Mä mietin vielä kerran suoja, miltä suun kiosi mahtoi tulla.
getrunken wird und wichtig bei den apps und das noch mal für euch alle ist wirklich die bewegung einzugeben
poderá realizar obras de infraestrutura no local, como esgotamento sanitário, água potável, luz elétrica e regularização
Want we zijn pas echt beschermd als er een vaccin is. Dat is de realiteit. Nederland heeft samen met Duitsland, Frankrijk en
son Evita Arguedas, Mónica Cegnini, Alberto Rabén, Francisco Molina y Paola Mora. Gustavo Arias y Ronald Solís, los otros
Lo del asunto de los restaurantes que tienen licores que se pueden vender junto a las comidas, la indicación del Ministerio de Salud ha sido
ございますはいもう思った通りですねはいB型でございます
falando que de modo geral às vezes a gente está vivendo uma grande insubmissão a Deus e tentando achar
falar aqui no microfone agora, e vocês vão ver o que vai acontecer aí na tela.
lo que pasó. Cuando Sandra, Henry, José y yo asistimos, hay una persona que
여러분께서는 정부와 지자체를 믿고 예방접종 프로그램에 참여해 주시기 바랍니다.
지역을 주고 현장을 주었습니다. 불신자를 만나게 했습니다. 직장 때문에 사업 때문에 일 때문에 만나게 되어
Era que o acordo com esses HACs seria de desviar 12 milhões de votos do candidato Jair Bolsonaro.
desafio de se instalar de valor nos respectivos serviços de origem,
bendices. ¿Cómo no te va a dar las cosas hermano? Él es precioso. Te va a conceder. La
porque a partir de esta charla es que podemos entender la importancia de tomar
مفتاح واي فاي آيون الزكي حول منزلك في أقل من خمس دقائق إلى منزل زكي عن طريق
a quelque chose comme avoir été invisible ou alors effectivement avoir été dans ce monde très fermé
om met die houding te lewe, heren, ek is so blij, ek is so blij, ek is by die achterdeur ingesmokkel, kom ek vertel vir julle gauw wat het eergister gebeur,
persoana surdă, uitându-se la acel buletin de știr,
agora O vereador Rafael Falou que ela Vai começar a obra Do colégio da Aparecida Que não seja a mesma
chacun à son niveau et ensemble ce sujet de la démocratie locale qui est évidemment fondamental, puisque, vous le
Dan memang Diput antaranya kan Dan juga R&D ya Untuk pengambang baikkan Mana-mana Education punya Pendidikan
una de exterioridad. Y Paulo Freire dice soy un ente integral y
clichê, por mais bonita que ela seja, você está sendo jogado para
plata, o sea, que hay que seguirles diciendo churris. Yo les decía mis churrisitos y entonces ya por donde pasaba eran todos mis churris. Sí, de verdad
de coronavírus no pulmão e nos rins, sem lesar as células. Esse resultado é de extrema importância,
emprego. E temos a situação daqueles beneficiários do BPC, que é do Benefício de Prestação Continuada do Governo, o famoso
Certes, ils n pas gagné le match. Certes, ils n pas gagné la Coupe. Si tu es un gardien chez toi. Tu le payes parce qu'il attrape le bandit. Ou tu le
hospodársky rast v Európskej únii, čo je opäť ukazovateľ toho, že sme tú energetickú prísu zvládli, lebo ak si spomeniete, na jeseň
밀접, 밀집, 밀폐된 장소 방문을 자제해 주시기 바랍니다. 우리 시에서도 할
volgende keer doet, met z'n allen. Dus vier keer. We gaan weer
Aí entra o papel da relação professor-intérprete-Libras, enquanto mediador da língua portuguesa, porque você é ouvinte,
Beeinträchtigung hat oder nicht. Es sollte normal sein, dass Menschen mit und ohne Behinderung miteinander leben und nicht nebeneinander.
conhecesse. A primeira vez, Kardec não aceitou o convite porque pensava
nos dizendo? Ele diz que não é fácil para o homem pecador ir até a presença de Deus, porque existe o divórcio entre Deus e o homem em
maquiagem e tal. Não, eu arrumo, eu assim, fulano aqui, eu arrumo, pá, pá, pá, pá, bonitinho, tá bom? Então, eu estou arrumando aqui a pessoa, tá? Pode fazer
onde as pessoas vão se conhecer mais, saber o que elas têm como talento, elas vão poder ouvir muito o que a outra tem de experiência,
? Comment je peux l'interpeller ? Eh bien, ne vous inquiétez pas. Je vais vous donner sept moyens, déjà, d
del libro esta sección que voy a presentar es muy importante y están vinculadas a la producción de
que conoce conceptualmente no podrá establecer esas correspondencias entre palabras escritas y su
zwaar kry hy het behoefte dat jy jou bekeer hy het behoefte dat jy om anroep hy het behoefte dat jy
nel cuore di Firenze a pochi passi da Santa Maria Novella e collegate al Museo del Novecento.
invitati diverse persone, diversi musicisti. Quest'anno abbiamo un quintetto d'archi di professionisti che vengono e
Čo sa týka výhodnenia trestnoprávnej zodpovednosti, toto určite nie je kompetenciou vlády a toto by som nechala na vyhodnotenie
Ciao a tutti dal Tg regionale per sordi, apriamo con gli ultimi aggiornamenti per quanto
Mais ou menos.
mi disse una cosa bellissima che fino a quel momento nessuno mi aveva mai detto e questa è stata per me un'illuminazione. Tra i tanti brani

• _The task_:
For every line above that has "vous" in it, copy the line.

• _Reply_:
chacun à son niveau et ensemble ce sujet de la démocratie locale qui est évidemment fondamental, puisque, vous le
? Comment je peux l'interpeller ? Eh bien, ne vous inquiétez pas. Je vais vous donner sept moyens, déjà, d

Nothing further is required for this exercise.